Although Intel just last week unveiled a newly architected, low-power Atom processor line designed for mobile Internet devices, HP didn't pick the chip for use in this small form-factor computer. "It's interesting because of the price it's at, the processor it uses and the form factor it's in," said Shim.



http://www.computerworld.com/action/article.do?com...




Perfection takes time
By mindless1 on 4/8/2008 7:40:35 PM , Rating: 2
HP: just stay away from Via, they really aren't making anything the 1st world consumers want and they won't be any time soon because Via has this absurd idea we won't notice how econmized their design is.
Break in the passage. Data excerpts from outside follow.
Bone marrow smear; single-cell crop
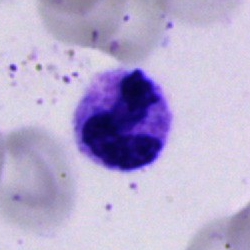

Cell — polymorphonuclear neutrophil.
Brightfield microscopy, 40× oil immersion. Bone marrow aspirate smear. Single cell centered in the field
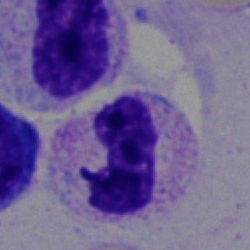
Q: What cell is this?
A: It is a neutrophil (band).
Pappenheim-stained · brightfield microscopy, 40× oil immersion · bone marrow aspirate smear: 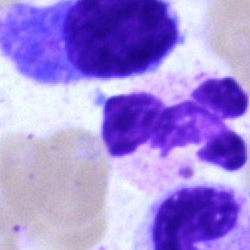 Cell type — segmented neutrophil.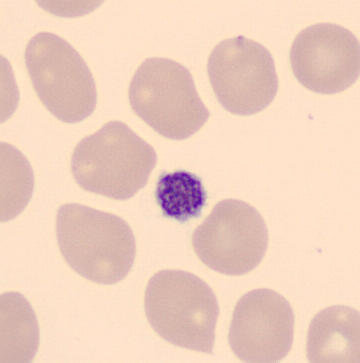A platelet (thrombocyte).
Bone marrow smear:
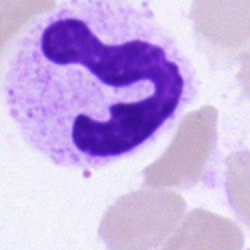Impression — polymorphonuclear neutrophil.
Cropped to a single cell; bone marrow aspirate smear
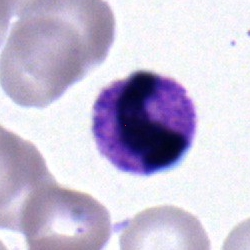 Polymorphonuclear neutrophil.
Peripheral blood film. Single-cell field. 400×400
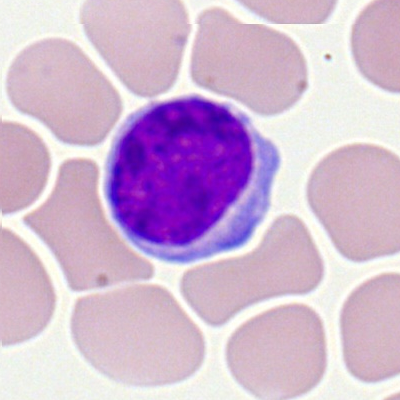Single cell identified as a typical lymphocyte.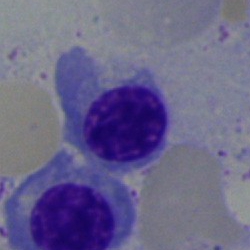

An erythroblast.
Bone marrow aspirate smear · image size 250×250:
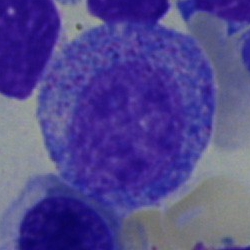 Cell type: progranulocyte.
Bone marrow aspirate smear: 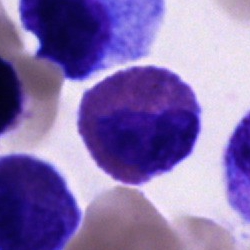
Morphology consistent with an eosinophil.
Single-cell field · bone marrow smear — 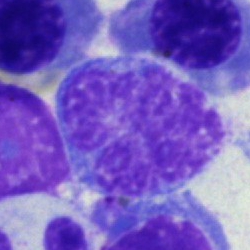 Showing an artifact.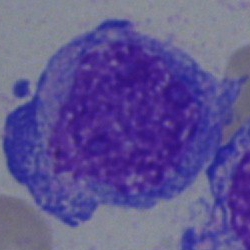Morphology → blast cell.
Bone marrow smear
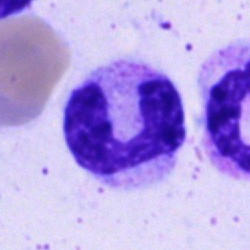Specimen: bone marrow aspirate smear.
Cell type: stab cell.
Lineage: myeloid.
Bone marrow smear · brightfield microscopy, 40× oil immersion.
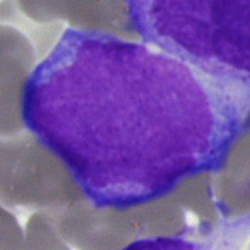

Morphology consistent with a blast.
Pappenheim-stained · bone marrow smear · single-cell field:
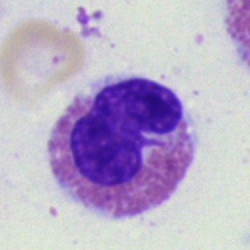

{"cell_type": "eosinophilic granulocyte", "lineage": "myeloid"}
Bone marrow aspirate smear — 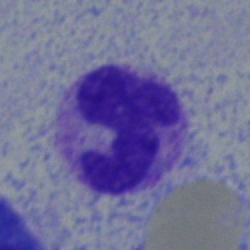

A neutrophil (segmented).
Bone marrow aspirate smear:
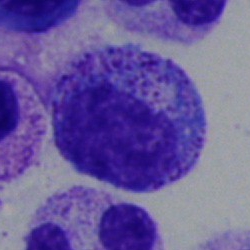 Single cell identified as a promyelocyte.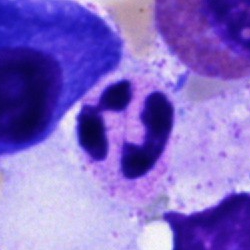

Q: What cell is this?
A: It is a polymorphonuclear neutrophil.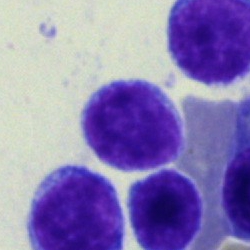

{"cell_type": "lymphocyte", "lineage": "lymphoid"}
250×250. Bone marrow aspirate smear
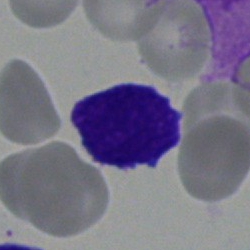
Specimen: bone marrow smear.
Morphological class: lymphocyte.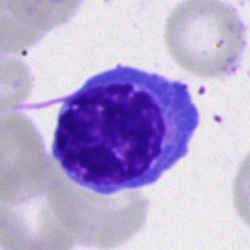

A nucleated red cell.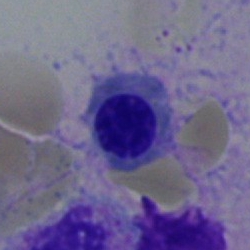

Morphological class — normoblast.
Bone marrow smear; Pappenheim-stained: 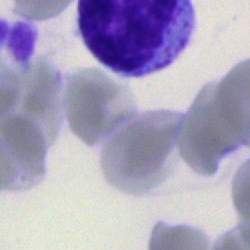
Morphology — unidentifiable cell.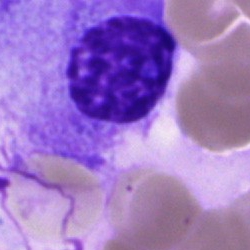{"cell_type": "plasmacyte", "lineage": "lymphoid"}
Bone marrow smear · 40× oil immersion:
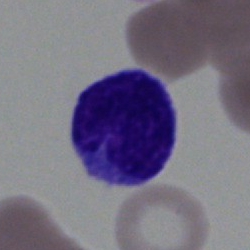Q: What is shown here?
A: A lymphocyte.
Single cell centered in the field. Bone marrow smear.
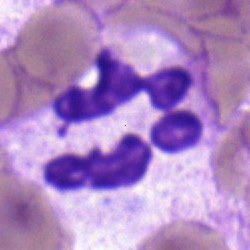 Morphology consistent with a polymorphonuclear neutrophil.
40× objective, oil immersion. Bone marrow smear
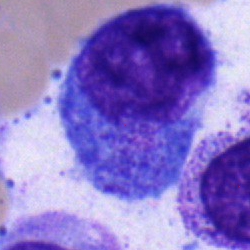
Cell: blast cell.
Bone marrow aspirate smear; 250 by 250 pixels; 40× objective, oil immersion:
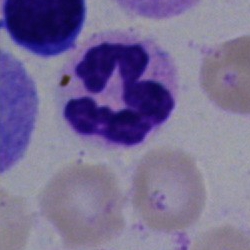
Cell = polymorphonuclear neutrophil.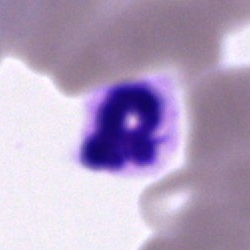Specimen: bone marrow aspirate smear.
Cell: neutrophil (segmented).
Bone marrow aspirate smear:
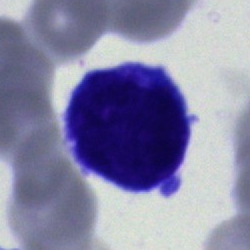 Q: What type of cell is this?
A: Blast.
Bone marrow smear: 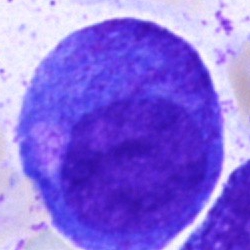The cell type is promyelocyte.
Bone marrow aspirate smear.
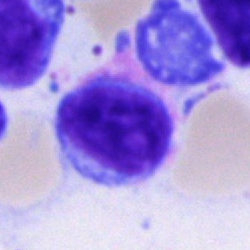
Specimen: bone marrow smear.
Cell type: typical lymphocyte.
Lineage: lymphoid.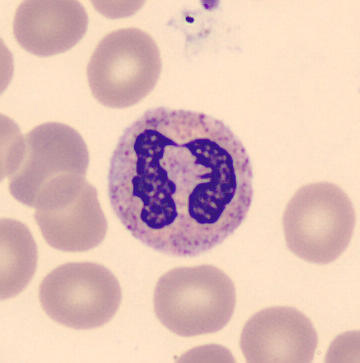
The cell shown is a neutrophil (segmented).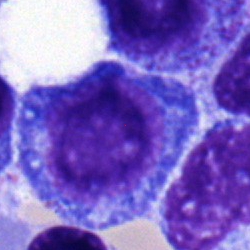

Nucleated red cell.
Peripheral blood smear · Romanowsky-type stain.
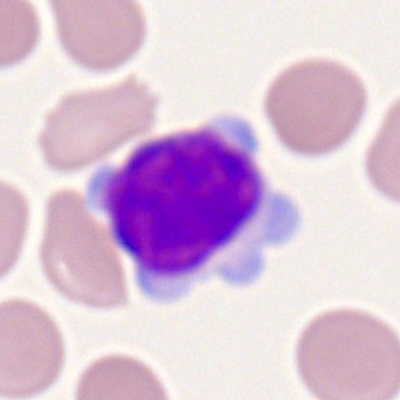
The cell is typical lymphocyte.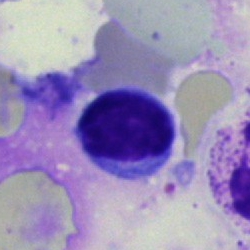

Bone marrow smear showing a typical lymphocyte.
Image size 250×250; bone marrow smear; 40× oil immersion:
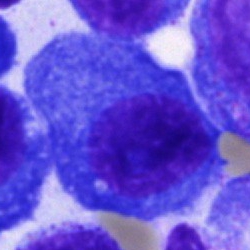 Q: Which cell type is shown here?
A: Plasma cell.
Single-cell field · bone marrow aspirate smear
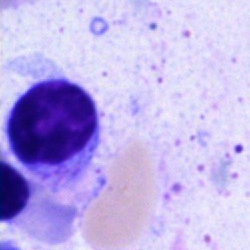
Morphological class = typical lymphocyte.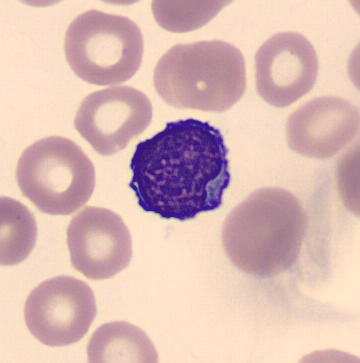 Image: Peripheral blood smear; single-cell crop. Impression → lymphocyte.
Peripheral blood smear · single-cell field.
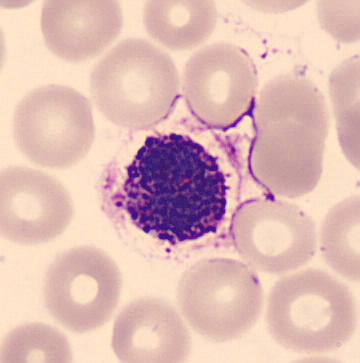

Specimen: peripheral blood smear.
Classification: basophil.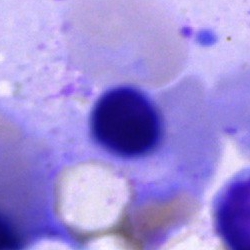
Impression — nucleated red cell.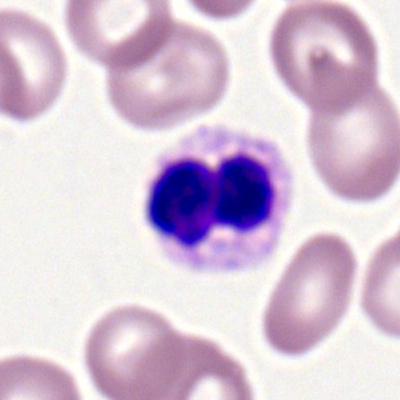Morphology → segmented neutrophil.
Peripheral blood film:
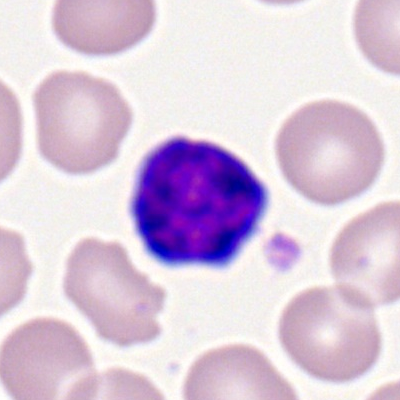
Morphology consistent with a lymphocyte.
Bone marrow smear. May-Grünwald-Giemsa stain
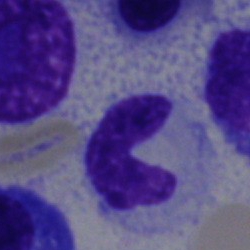
The cell is stab cell.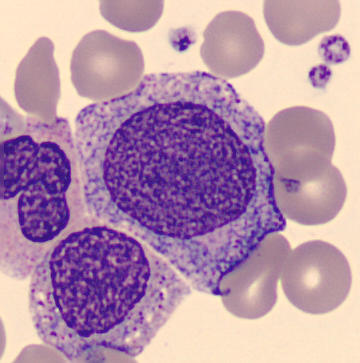{"cell_type": "promyelocyte", "lineage": "myeloid"}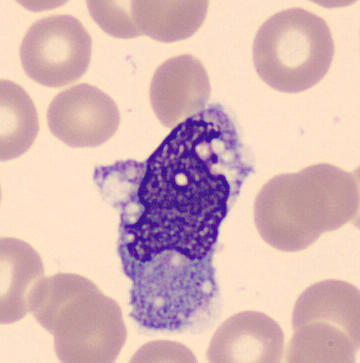

Q: What is this?
A: A monocyte.
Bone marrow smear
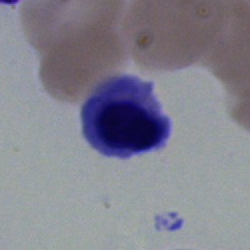
Q: Which cell type is shown here?
A: This is a nucleated red blood cell.
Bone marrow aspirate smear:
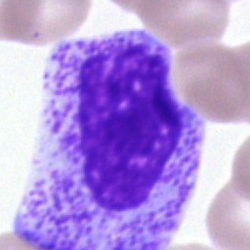A myelocyte.
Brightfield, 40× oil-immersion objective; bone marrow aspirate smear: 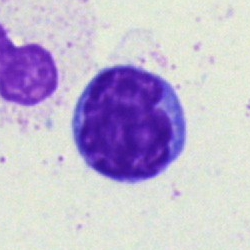

Q: Which cell type is shown here?
A: Lymphocyte.
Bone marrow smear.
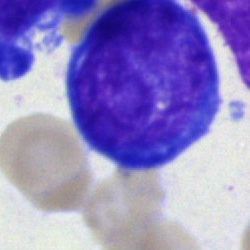Morphology consistent with an immature lymphocyte.
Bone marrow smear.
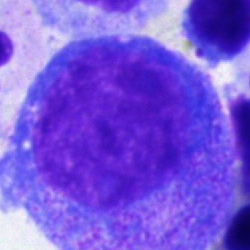 Impression — progranulocyte.
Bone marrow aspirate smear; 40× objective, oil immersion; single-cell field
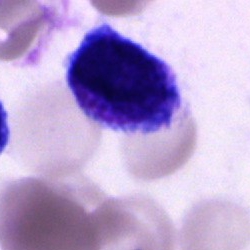Showing a cell of indeterminate lineage.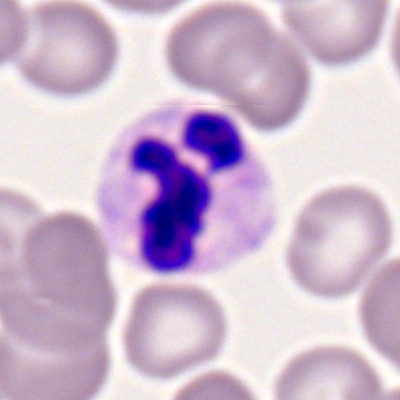

Peripheral blood film, single cell — neutrophil (segmented).
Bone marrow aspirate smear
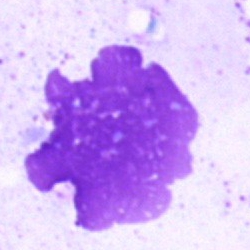Classification = artifact.
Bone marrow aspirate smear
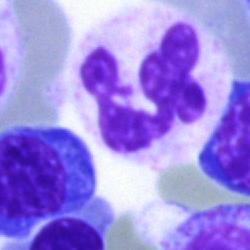

Q: What is shown here?
A: This is a segmented neutrophil.
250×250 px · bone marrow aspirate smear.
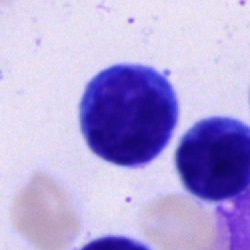Cell type: lymphocyte.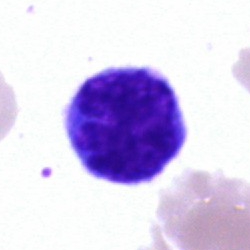

Morphological class: typical lymphocyte.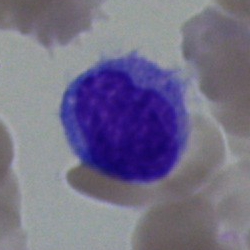

A monocyte.
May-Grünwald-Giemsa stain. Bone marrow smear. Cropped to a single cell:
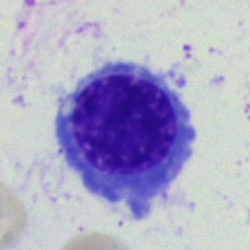

A nucleated red cell.
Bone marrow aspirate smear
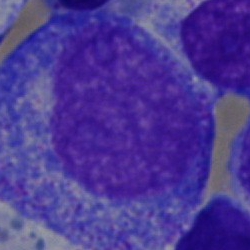Cell type: progranulocyte.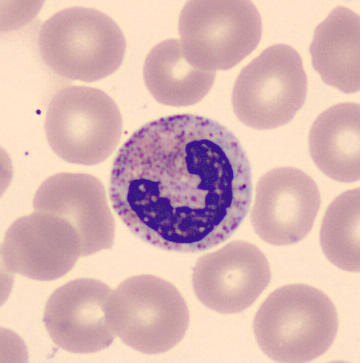This is a polymorphonuclear neutrophil.

Acquisition: Peripheral blood smear. MGG-stained.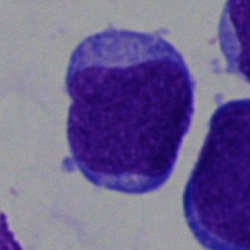 Single-cell crop from a bone marrow smear: blast.
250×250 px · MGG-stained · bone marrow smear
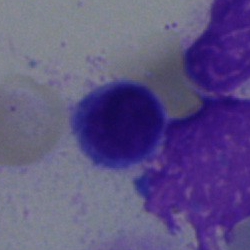 Morphological class = lymphocyte.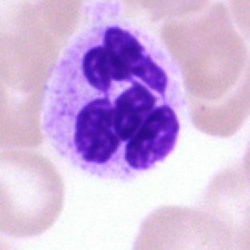

Single-cell crop from a bone marrow smear: polymorphonuclear neutrophil.
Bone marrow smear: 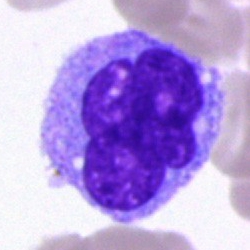 Cell type: monocyte.

Nobody wants to lay down a few hundred dollars for a system only to have a few dozen dollars savings on a processor, cripple the system.




two main problems i see with this
By doctat on 4/9/2008 3:42:01 AM , Rating: 2
1) not sure what the whole micro notebook rage is. must be similar to what people with toy dogs are into.

i'm sure a handful of people could really use something like this, but i bet a vast majority of people are buying these things because they're 'cute' - and within a few months will be frustrated by the massive limitations imposed on them - dinky screen, crappy processor, -really- crap graphics performance, etc.

you really want to run vista on something this underpowered??

2) i'm not that familiar with how much heat laptops put out (other than the VAIO space heater i use now...), but this thing appears to run hot to me. take a look at the temperature specs here - http://www.notebookreview.com/picture.asp?f=32495

for such a small machine, it looks like it would be a pain to use for extended periods of time, given the heat it's cranking out. no doubt that does a number on it's battery life as well.

they mention that the fan runs non-stop in this thing, and it still stays that hot. that's pretty lame if you ask me.

anyway, with the exception of the horrid narration on the accompaning videos, they have a pretty detailed review of this here: http://www.notebookreview.com/default.asp?newsID=4...

check out the boot time comparison video. running this thing with vista sounds like hanging a 'kick me' sign on your back.




Is this a deal?
By pauldovi on 4/9/2008 9:07:45 AM , Rating: 2
You can get the sub 3lbs Thinkpad X61 with a 12.1" LCD for $900 with a lot more horsepower (Intel T8100, 1GB DDR2, 80GB 5400RPM, ABG wireless, Vista Home, Thinkpad keyboard).




HP is out of order
By bebesito21 on 4/9/2008 2:17:51 PM , Rating: 2
Wikipedia says the C7 processor is an "in order" processor. Thats probably why everything got bogged down even when running a 1+ gig processor. Im glad VIA is getting some action....we need all the competition we can get against Intel, not only for prices but innovation as well.